--- Exercise details ---
With the pictures left out, repeat every entry that follows exactly.

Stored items

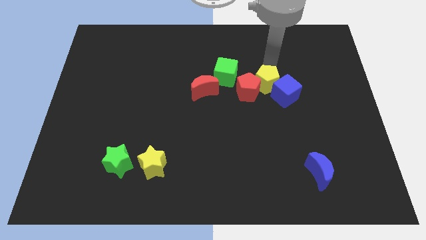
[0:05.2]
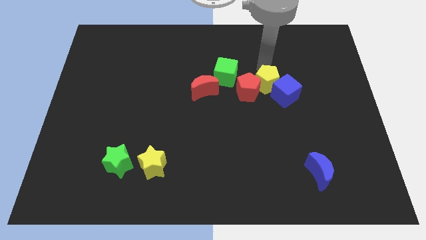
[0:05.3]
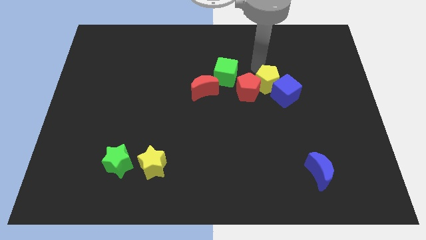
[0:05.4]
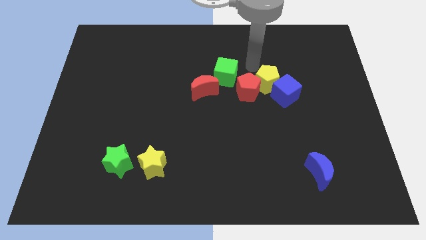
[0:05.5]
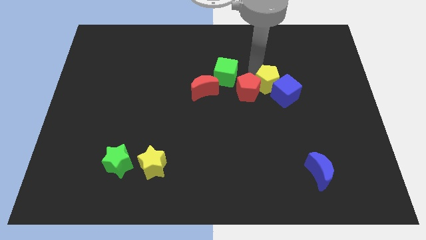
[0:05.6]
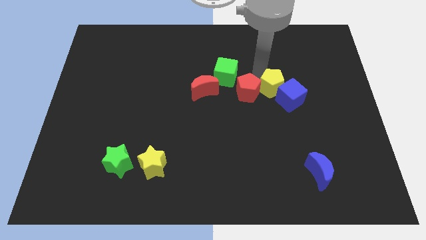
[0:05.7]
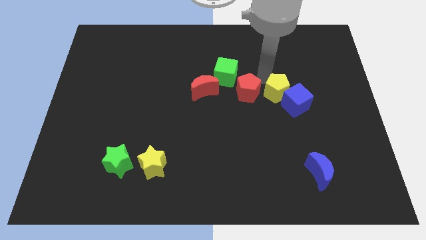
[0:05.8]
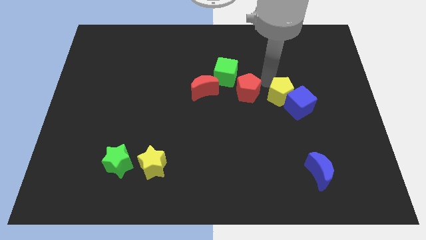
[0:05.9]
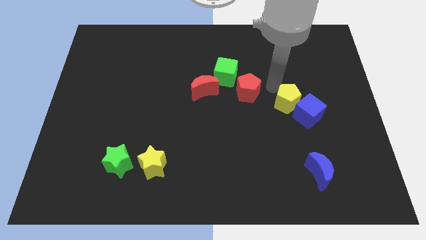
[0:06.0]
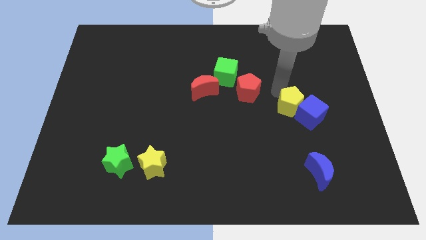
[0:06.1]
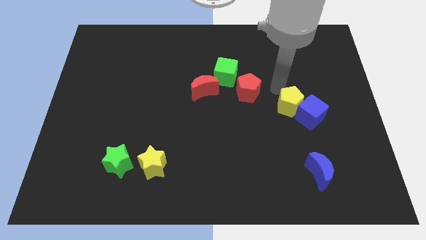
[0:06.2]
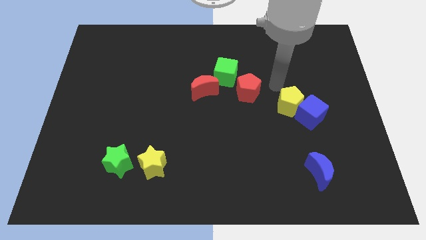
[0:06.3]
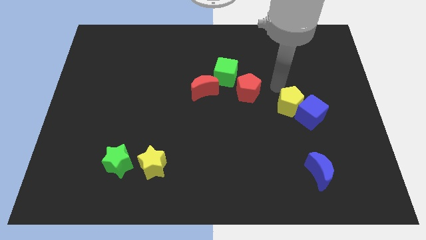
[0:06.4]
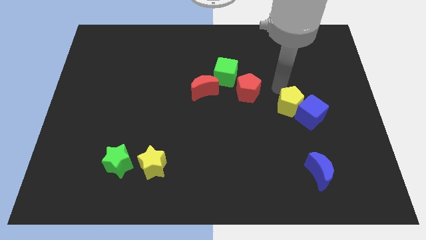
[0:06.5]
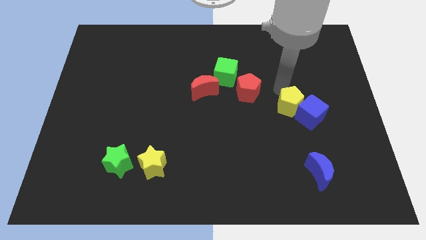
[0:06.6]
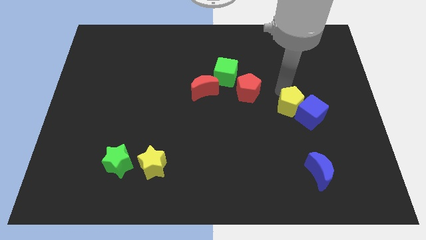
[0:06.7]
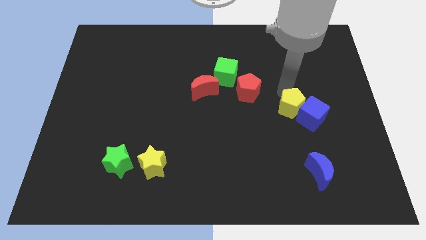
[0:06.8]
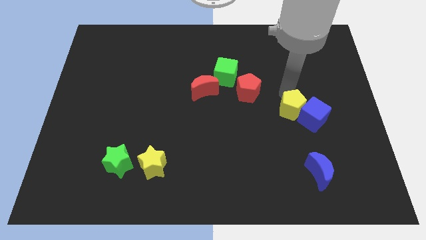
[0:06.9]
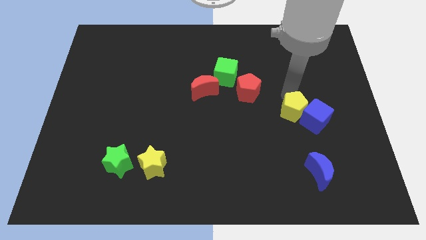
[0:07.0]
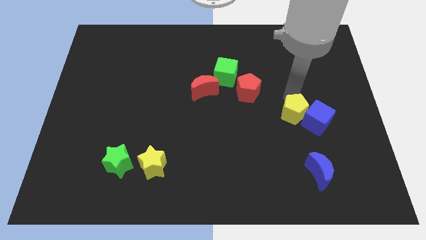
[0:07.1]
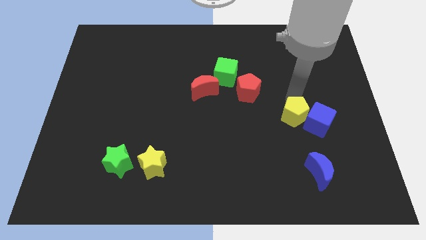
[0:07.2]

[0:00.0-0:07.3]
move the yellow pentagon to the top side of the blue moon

--- Solution to the exercise ---
[0:05.2]
[0:05.3]
[0:05.4]
[0:05.5]
[0:05.6]
[0:05.7]
[0:05.8]
[0:05.9]
[0:06.0]
[0:06.1]
[0:06.2]
[0:06.3]
[0:06.4]
[0:06.5]
[0:06.6]
[0:06.7]
[0:06.8]
[0:06.9]
[0:07.0]
[0:07.1]
[0:07.2]

[0:00.0-0:07.3]
move the yellow pentagon to the top side of the blue moon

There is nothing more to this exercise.